- Supplied material -
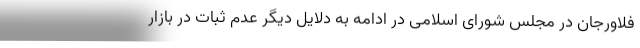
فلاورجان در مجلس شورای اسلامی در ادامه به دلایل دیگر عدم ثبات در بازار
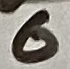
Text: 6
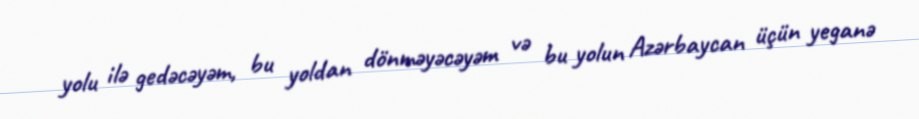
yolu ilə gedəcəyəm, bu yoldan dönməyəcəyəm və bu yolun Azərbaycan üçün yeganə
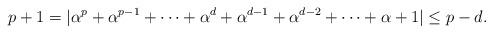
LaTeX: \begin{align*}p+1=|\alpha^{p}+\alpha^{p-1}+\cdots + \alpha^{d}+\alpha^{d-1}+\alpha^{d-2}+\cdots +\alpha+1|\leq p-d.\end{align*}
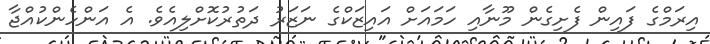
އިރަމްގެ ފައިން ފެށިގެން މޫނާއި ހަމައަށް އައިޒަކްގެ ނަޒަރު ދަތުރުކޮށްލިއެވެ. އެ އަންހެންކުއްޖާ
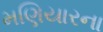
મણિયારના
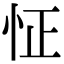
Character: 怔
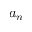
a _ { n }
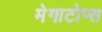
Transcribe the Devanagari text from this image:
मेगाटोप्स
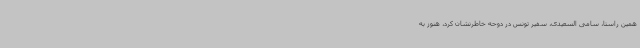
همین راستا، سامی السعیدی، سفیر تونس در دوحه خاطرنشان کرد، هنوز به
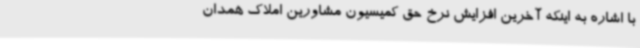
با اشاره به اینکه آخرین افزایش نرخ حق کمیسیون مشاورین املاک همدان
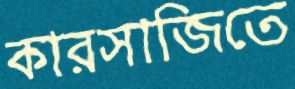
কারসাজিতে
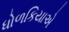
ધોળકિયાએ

- Work request -
Everything in the listing must be restated word for word, except for the pictures.

- Worked solution -
فلاورجان در مجلس شورای اسلامی در ادامه به دلایل دیگر عدم ثبات در بازار
Text: 6
yolu ilə gedəcəyəm, bu yoldan dönməyəcəyəm və bu yolun Azərbaycan üçün yeganə
LaTeX: \begin{align*}p+1=|\alpha^{p}+\alpha^{p-1}+\cdots + \alpha^{d}+\alpha^{d-1}+\alpha^{d-2}+\cdots +\alpha+1|\leq p-d.\end{align*}
އިރަމްގެ ފައިން ފެށިގެން މޫނާއި ހަމައަށް އައިޒަކްގެ ނަޒަރު ދަތުރުކޮށްލިއެވެ. އެ އަންހެންކުއްޖާ
મણિયારના
Character: 怔
a _ { n }
Transcribe the Devanagari text from this image:
मेगाटोप्स
همین راستا، سامی السعیدی، سفیر تونس در دوحه خاطرنشان کرد، هنوز به
با اشاره به اینکه آخرین افزایش نرخ حق کمیسیون مشاورین املاک همدان
কারসাজিতে
ધોળકિયાએ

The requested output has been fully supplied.